**Given records**
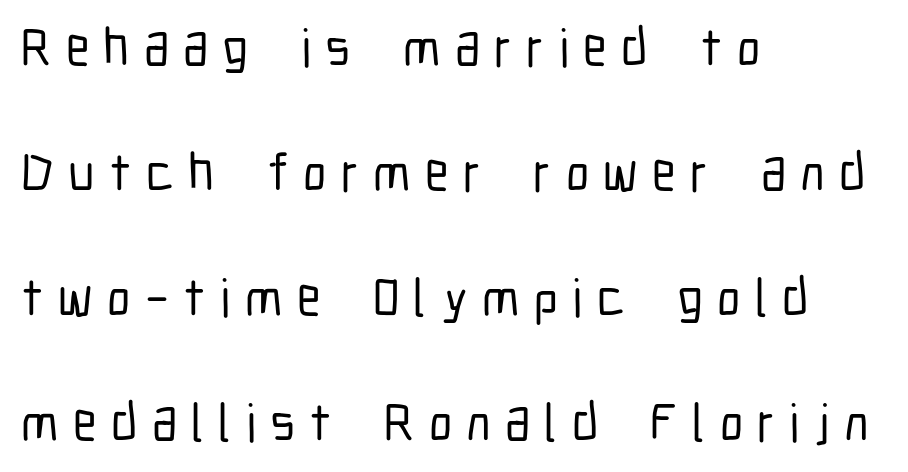
{"serif": "no", "italic": "no", "width": "condensed", "stroke_contrast": "low", "x_height": "medium", "monospaced": "no", "underline": "no", "align": "left", "line_spacing": "loose", "line_spacing_ratio": 2.36, "letter_spacing": "wide", "letter_spacing_em": 0.27, "glyph_px": 53}
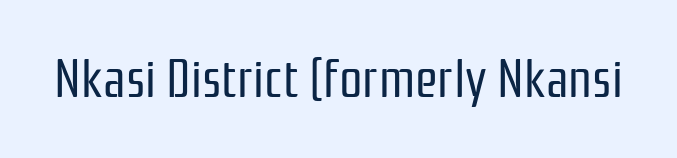
The face used here is a sans, in the tradition of grotesques and geometrics. No italicization has been applied; the sample stays upright. Spacing verdict: proportional, widths tailored to each character. Descenders are the only things crossing below the line. Short note: letters normally spaced.
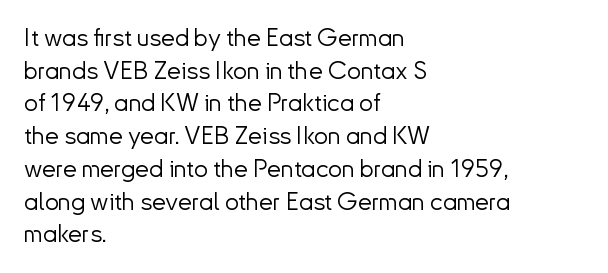
Q: Is the text bold? A: No.
Q: Is the text italic (slanted)? A: No, it is upright.
Q: Is the text underlined? A: No.
Q: How is the paragraph aligned? A: Left-aligned.
Q: Is the spacing between letters normal or unusually wide? A: Normal.
Q: Is the spacing between lines tight, normal or loose? A: Normal.
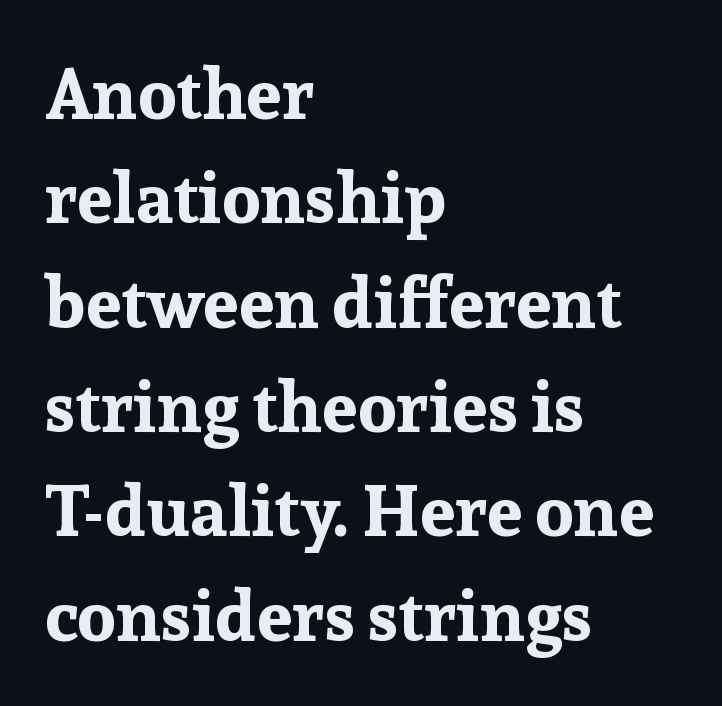
The image shows 71 px bold serif type, upright; set left-aligned, normal line spacing (1.47x), normal letter spacing, not underlined; low stroke contrast and a medium x-height.
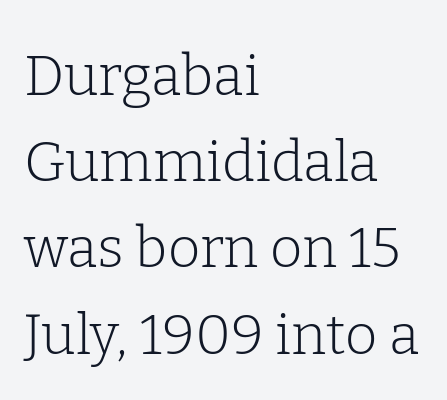
The image shows 56 px light serif type, upright; set left-aligned, normal line spacing (1.54x), normal letter spacing, not underlined; low stroke contrast and a medium x-height.
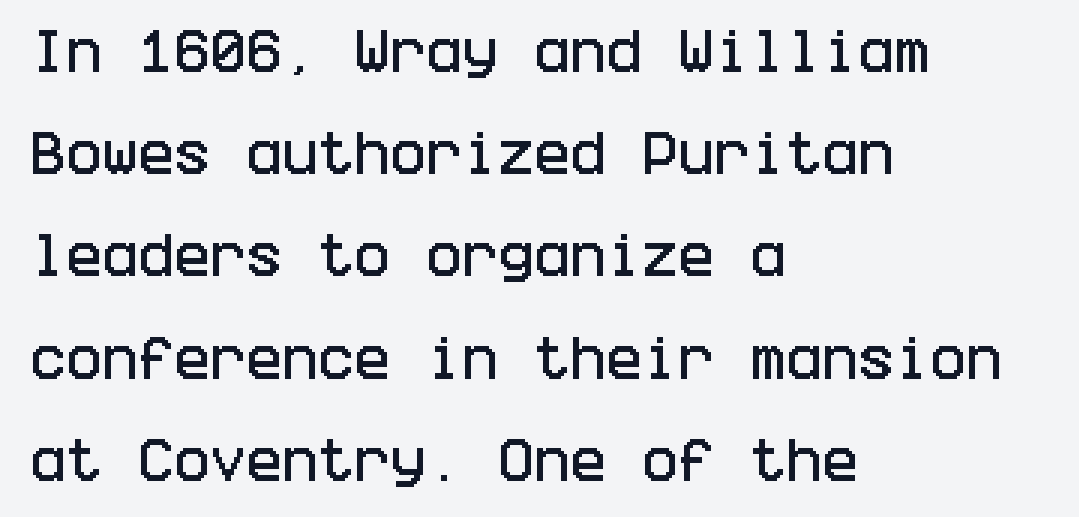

**Task item**
Select and copy every line of the listing with the word "bold".

**Solved exercise**
Q: Is the text bold? A: No.
The image shows 71 px bold serif type, upright; set left-aligned, normal line spacing (1.47x), normal letter spacing, not underlined; low stroke contrast and a medium x-height.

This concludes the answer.